This is a pretty standard dungeon crawler that never gets unwieldy. I’d have liked this very much when I was 8-12. Those Infocom games were brutal, and I didn’t understand that they were meant to be tough, because having networks of adults with disposable income who would be willing to share their progress in each and every Infocom game was a good business model.

English is not the writer’s first language, as the writing has mistakes that are clearly the logical sort you’d make when applying your own language’s grammar rules to another’s. I’ve made them, certainly, writing French. So this is forgiveable, though hopefully as the writer continues, they’ll find people they can rely on to help them fix these things and make their games that much smoother. It’s pretty clear what to do.

It’s also interesting to me how treasures are randomly shuffled around. So I managed to get through while missing the well puzzle the first time. But I missed a secret door, among other things, and the game said try again. Then when I came back to play again, I wasn’t able to get to the castle. I wondered if I’d forgotten something. And this led to frustration with the well. I figured what to do, but I had to guess the verb.

Which sounds very bad, but fortunately, the second of the competition judging parameters was “give a tutorial.” And DoA did something that helped it, uh, not be DOA. It mentioned that the parser had tab completion! Not only that, Adventuron seems to cycle through all the possible guesses available or words it recognized.

I don’t think any of the other games offered this. Maybe they did, and I didn’t need it, but on re-reading the game instructions, I used tab completion to help me guess the verb with the well. It was an odd verb for what you needed to do, and I suspect the author could tweak things so synonyms worked, too. But it was at the beginning of the alphabet, which was a happy accident, since I started with A.

I still have a secret room to discover, but there is enough there to appreciate.

Reflections

This involves five ways to find your reflection. It’s pretty straightforward, but it’s a well-paced game, and while it has a fantasy/mystic feel where you do harmless stuff with various animals, I like how it’s made a cell phone a believable part of a couple puzzles. There’s not too much else to say. Sometimes combining technology and fantasy is a disaster, and other times, too much fantasy runs into cliches, but this game doesn’t fall into either trap. There’s also some searching for items you know you need, which would be too heavy-handed in a non-tutorial game, but here it works really well. The tutorial part of this game was strong and well thought out. It’s not as ambitious as the author’s other effort, but I think they could be proud of writing either game for this jam, and writing both is a fine accomplishment.

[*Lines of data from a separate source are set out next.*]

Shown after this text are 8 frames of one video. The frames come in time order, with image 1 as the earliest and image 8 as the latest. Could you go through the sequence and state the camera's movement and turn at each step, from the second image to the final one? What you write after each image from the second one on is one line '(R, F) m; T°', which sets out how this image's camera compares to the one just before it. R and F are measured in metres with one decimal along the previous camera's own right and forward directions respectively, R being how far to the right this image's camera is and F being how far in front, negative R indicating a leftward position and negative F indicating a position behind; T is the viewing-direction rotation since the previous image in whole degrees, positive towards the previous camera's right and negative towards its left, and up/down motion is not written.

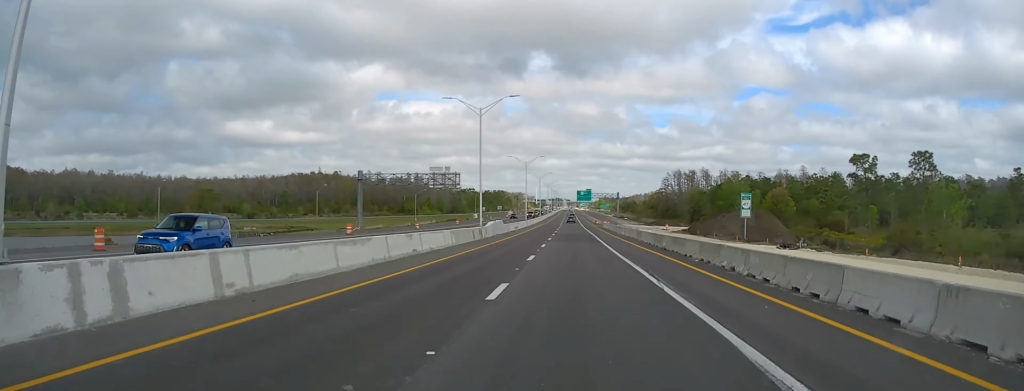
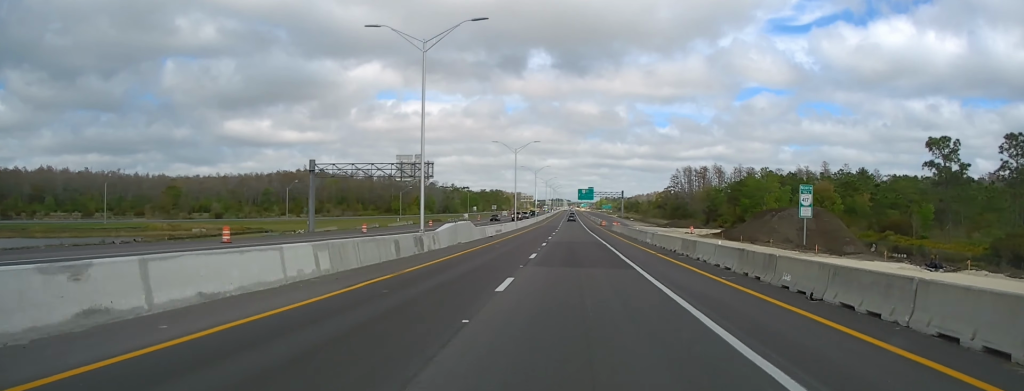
(0.0, +22.7) m; 0°
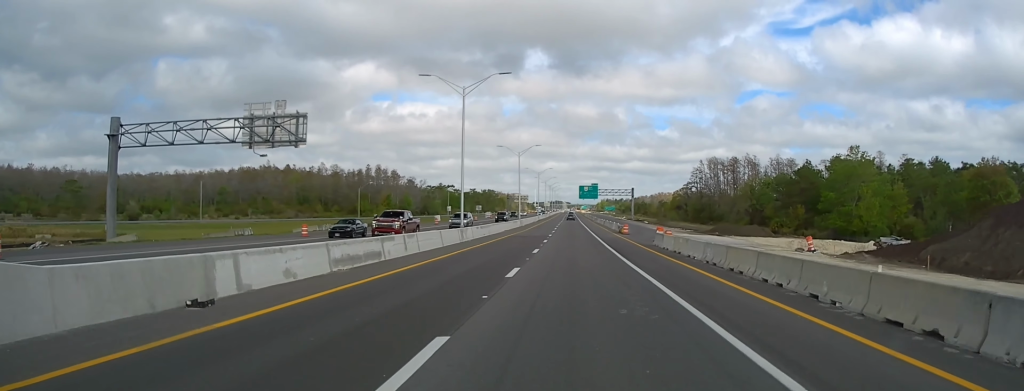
(0.0, +45.4) m; 0°
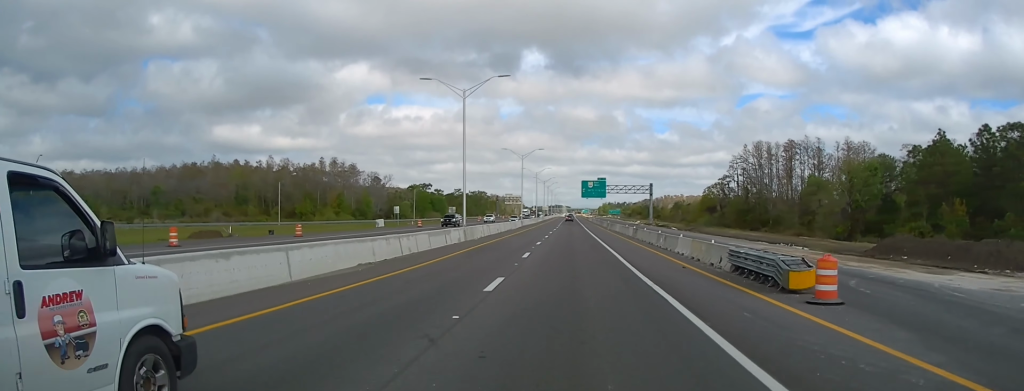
(0.0, +51.9) m; 0°
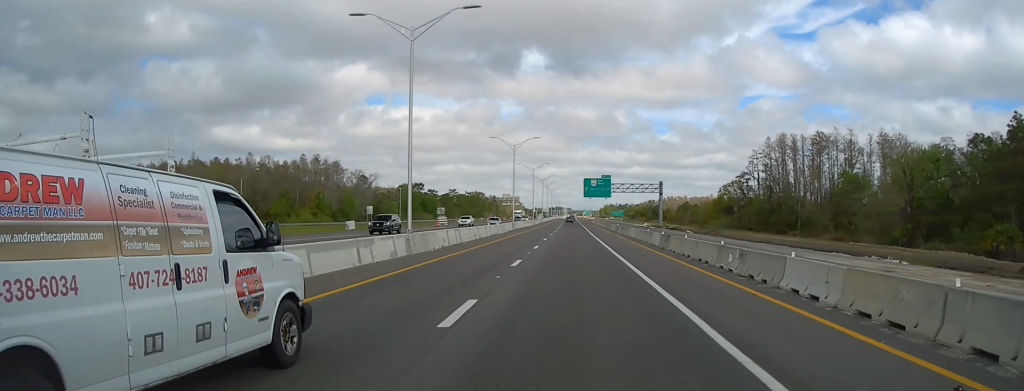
(0.0, +16.9) m; 0°
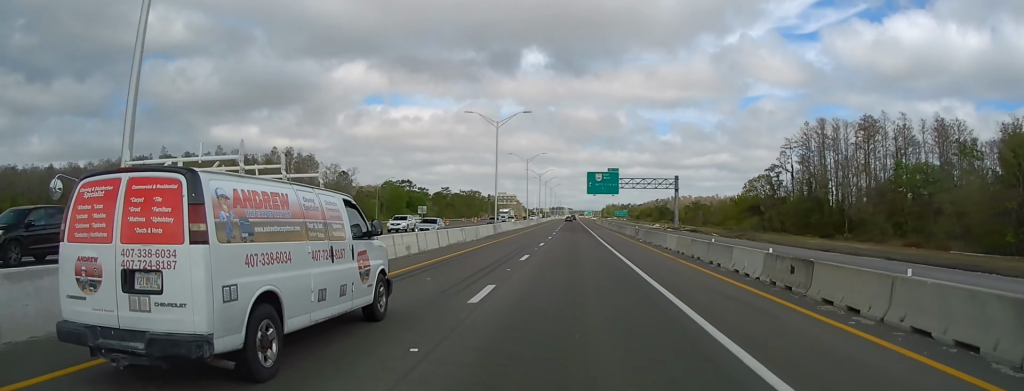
(0.0, +21.5) m; 0°
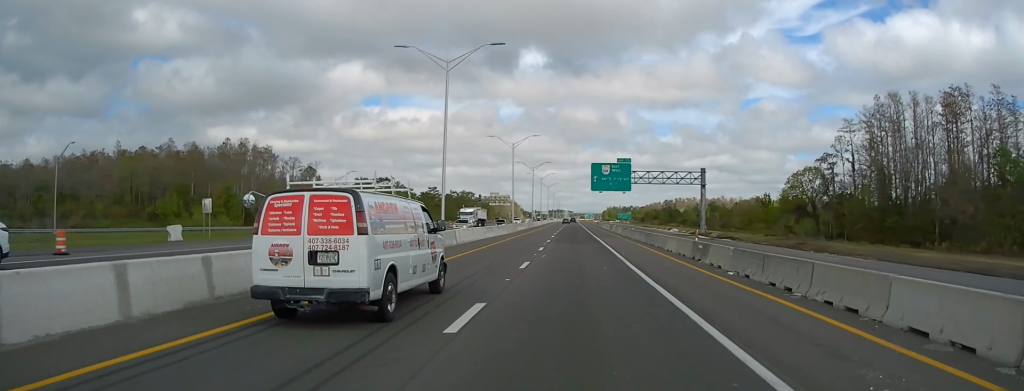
(+0.1, +27.1) m; -1°
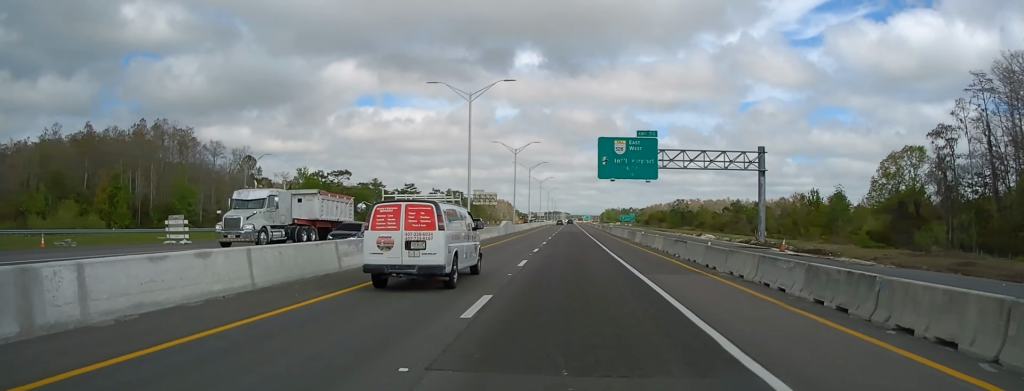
(-0.4, +34.8) m; +1°
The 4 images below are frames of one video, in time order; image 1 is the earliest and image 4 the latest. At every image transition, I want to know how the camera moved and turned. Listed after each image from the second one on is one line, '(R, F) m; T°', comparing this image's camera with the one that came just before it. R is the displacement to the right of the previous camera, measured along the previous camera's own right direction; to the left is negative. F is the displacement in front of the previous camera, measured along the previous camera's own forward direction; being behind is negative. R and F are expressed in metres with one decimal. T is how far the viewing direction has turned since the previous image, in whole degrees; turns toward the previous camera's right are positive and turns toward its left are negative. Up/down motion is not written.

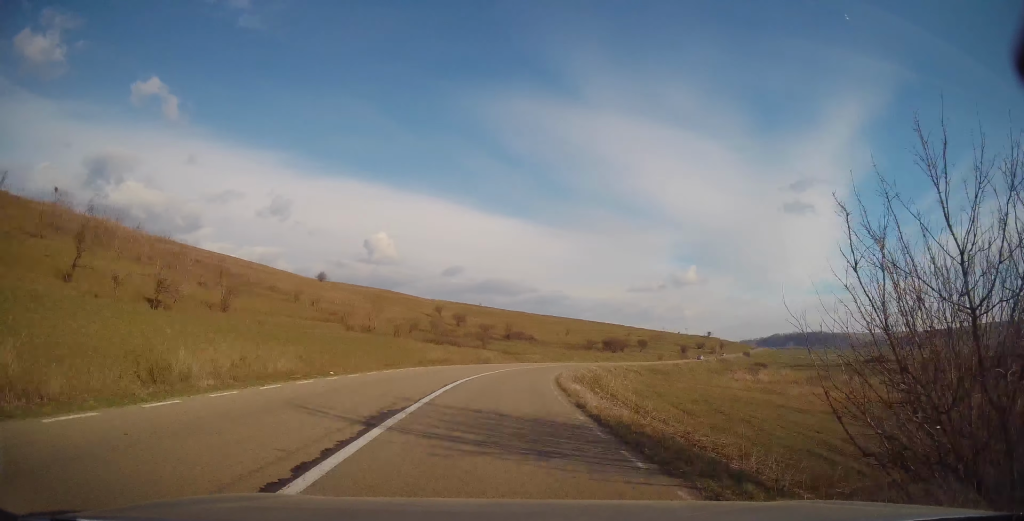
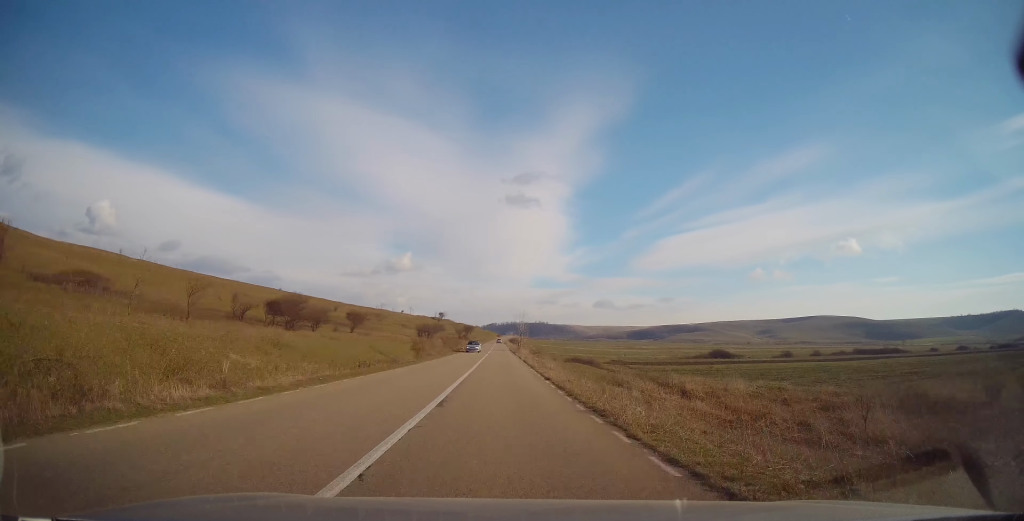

This game also circumvents a potential pet peeve: you have some baking to do, which normally isn’t my thing, because bigger games may get into details too quickly, but here it doesn’t feel forced on me. I’m the sort of person who is relieved when a recipe isn’t very complex, so the game’s courtesy was appreciated here.

I also don’t think it’s a spoiler to mention that you wind up needing to end the game looking through the mirror, so the game has a there-and-back feel to it without overdoing it. Overall the game does a lot and avoids overdoing anything, which is a very real risk when writing fantasy stuff, so, good job.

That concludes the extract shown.